Ailenin "kutsal" olarak nitelendirilmesi, bireylerin özerkliğinden ziyade, ailenin uyumunu ve sürekliliğini öncelikleyen bir anlayışı doğurur. Bu kutsallık, genellikle ailenin dış etkilere karşı bir kale gibi korunması gerektiği inancını besler. Bu çerçevede, her üyenin üzerine düşeni yapması beklenir ve bu toplumsal sözleşmenin en ağır yükü, genellikle kadının omuzlarına yüklenir. Kadın, çoğu zaman aile ocağının bekçisi, şefkat kaynağı ve değerlerin aktarıcısı olarak yüceltilir. Bu yüceltme, görünüşte onurlu olsa da, pratik hayatta onun ev içi alanla sınırlandırılmasına ve kişisel hedeflerinden feragat etmesine yönelik güçlü bir beklenti yaratır. Geleneksel aile yapılarında kadının rolü, ağırlıklı olarak şu üç temel alan üzerine kuruludur. Kadın, neslin devamı ve çocukların yetiştirilmesi konusunda birincil sorumlu olarak görülür. "İyi anne" veya "fedakar eş" figürü, ailenin kutsallığı söyleminin ayrılmaz bir parçasıdır. Ev işlerinin, yemek yapımından temizliğe, ücretsiz ve görünmez emeğin alanı olarak kadına ait olduğu kabul edilir. Kadın, ailenin duygusal dengesini sağlayan, anlaşmazlıkları çözen ve ailenin ahlaki standartlarını koruyan kişi olarak tanımlanır. Bu roller, kadını değişime kapalı ve sürekli fedakarlık eden bir pozisyona iter. Kadının toplumdaki veya iş hayatındaki başarısı, aile içindeki bu rollerini aksatmadığı sürece kabul görebilir. Aksi takdirde, ailenin "kutsallığını" bozduğu veya görevini ihmal ettiği yönünde ağır eleştirilere maruz kalabilir.

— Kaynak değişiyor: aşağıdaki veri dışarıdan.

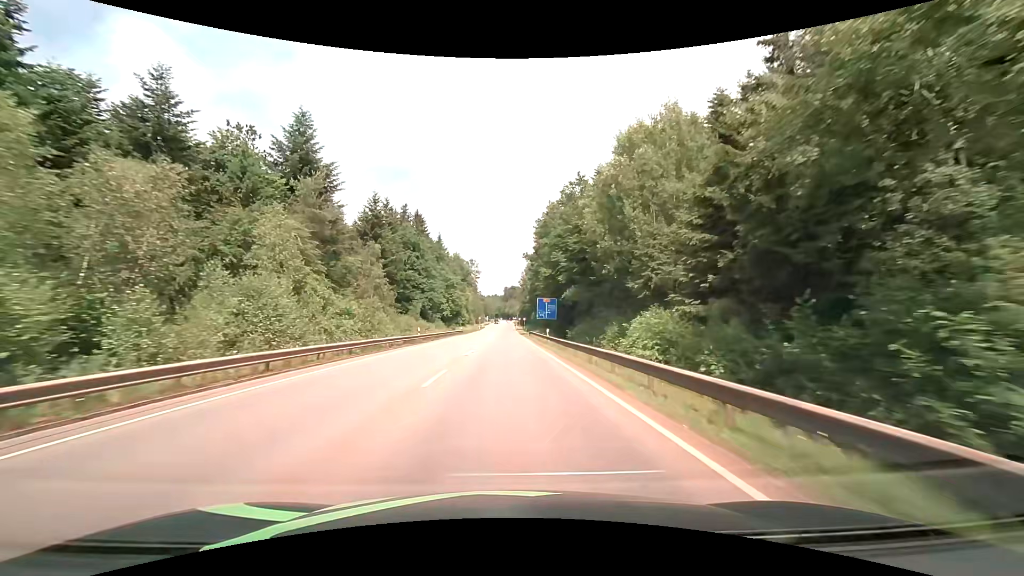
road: secondary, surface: asphalt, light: Day
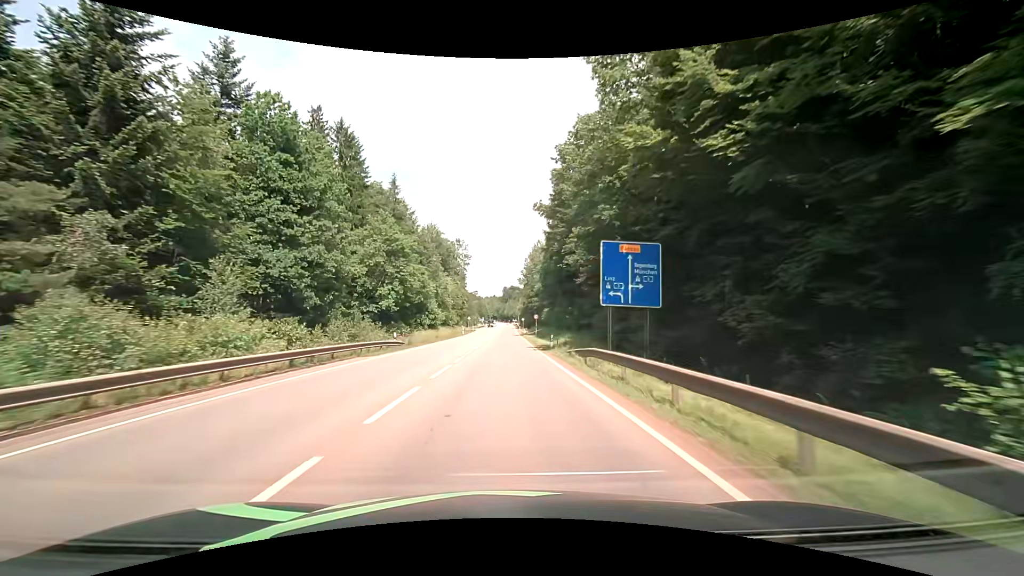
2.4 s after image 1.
(+0.1, +46.1) m; 0°
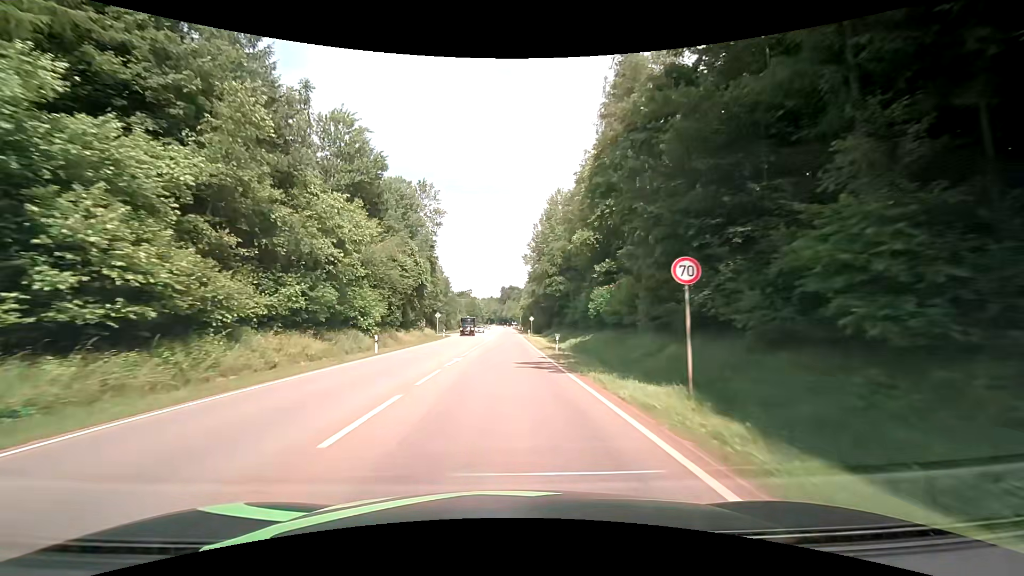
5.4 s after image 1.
(+0.4, +55.1) m; 0°
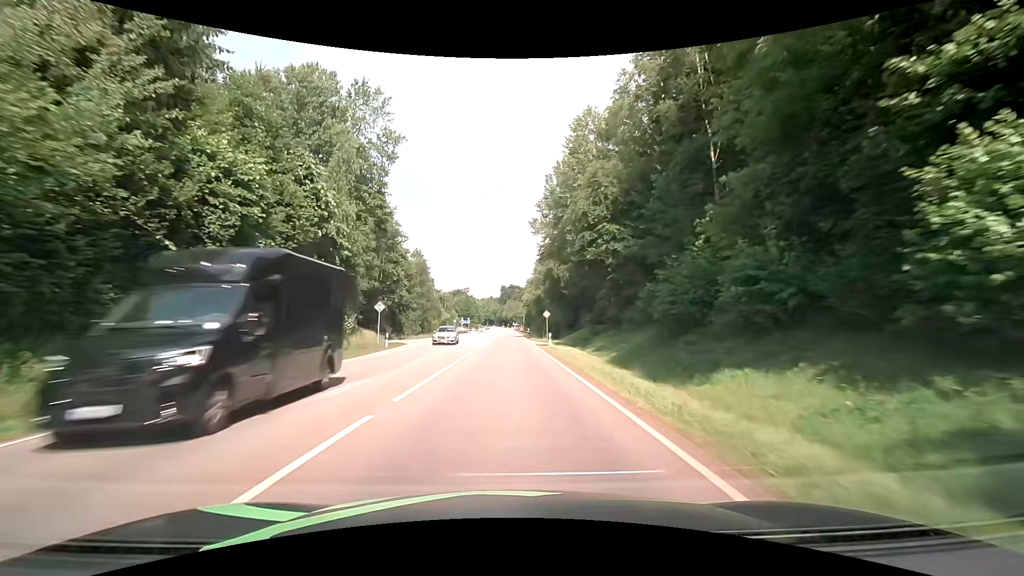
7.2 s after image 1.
(+0.3, +32.4) m; +1°
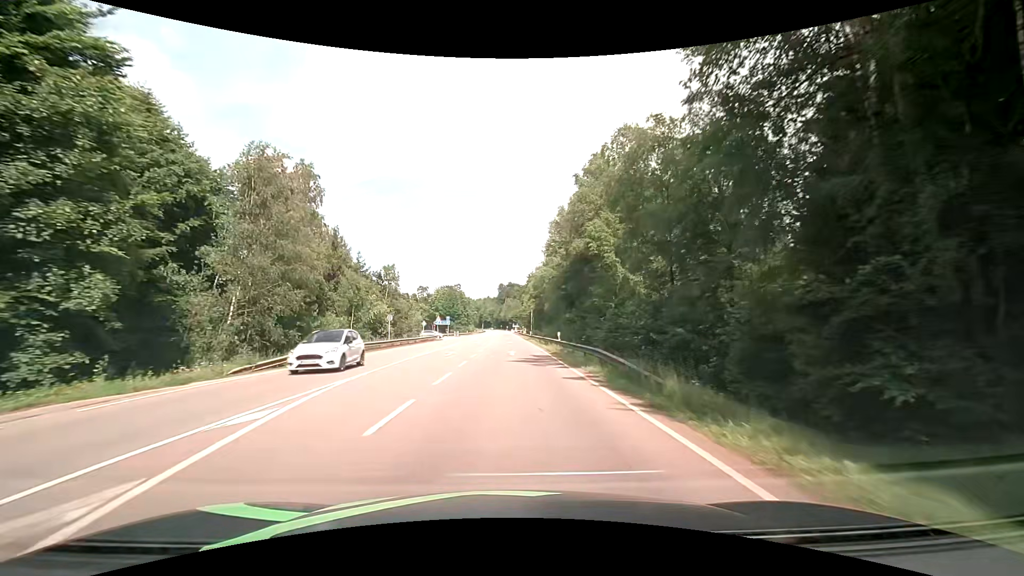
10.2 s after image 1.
(-0.1, +53.7) m; 0°
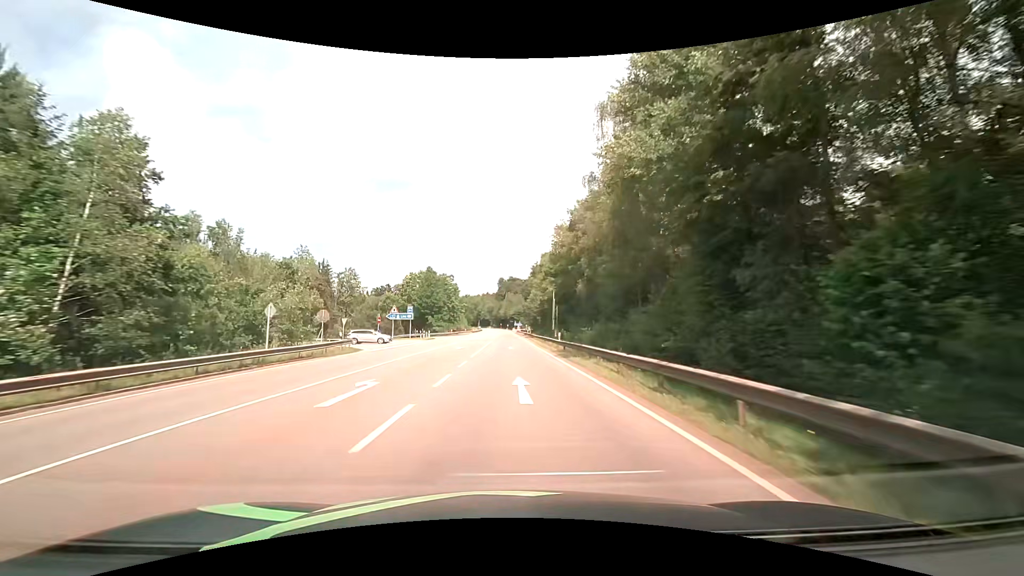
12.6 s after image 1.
(-0.4, +42.9) m; 0°
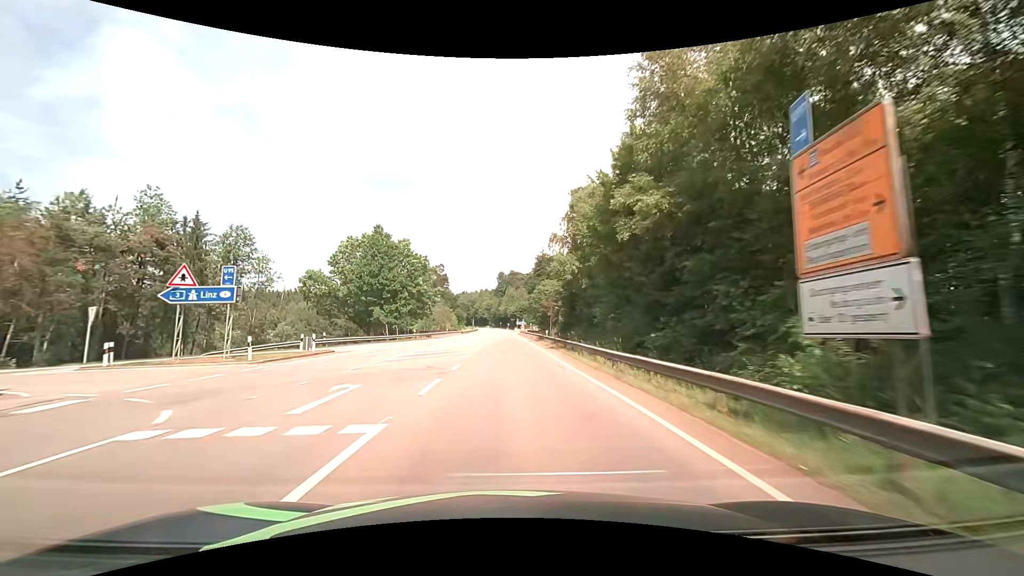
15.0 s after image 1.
(-0.5, +43.0) m; -1°
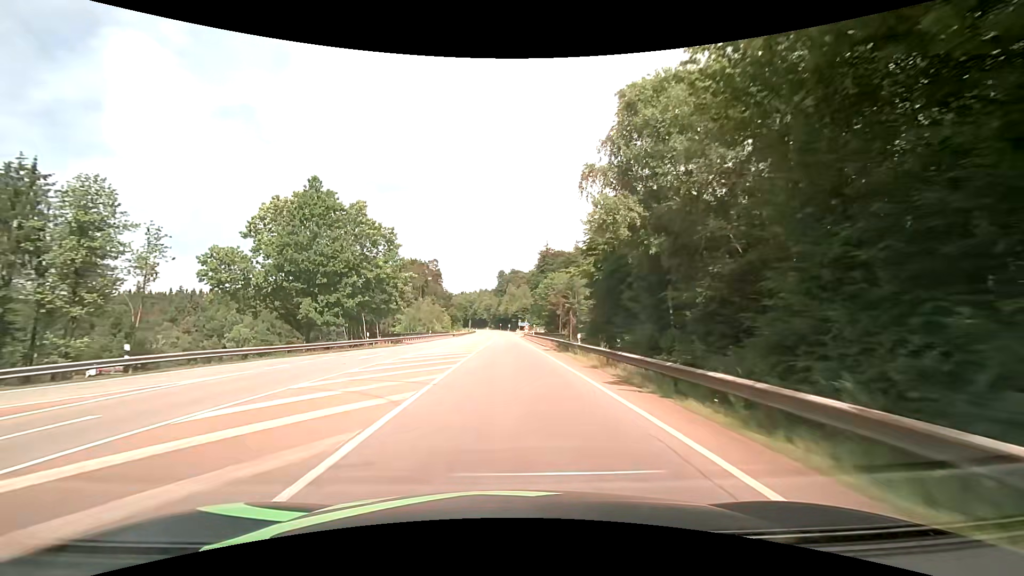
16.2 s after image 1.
(0.0, +21.6) m; 0°
(0, +10) (0, +20) (0, +30) (0, +40) (0, +50) (0, +60) (0, +70) (0, +80) (0, +90) (0, +100) m

Günümüzde, ailenin kutsallığı kavramı ve buna bağlı kadın rolleri, eğitim, ekonomik bağımsızlık ve toplumsal bilinç artışıyla ciddi bir dönüşüm geçiriyor. Artık bireyin kendi potansiyelini gerçekleştirme hakkı, ailenin katı yapısının önüne geçmeye başlıyor. Ev işleri ve çocuk bakımı, sadece kadının görevi olmaktan çıkıp, ortak sorumluluk alanına doğru ilerliyor. Kadın, artık sadece evin içinde değil; iş hayatında, siyasette ve bilimde de aktif bir özne olarak yer alıyor. Ailenin kutsallığı, kutsallıktan arındırılmalı ya da yeniden tanımlanmalıdır. Eğer bir kurum kutsal addedilecekse, bu kutsallık; eşitliğe, karşılıklı saygıya, bireysel özgürlüklere ve her iki cinsiyetin de potansiyelini gerçekleştirmesine olanak tanıyan bir yapıdan gelmelidir. Kadını geleneksel bir kafese hapseden, fedakarlığı tek taraflı bekleyen bir kutsallık anlayışı, ne aileye ne de topluma uzun vadede huzur getirecektir.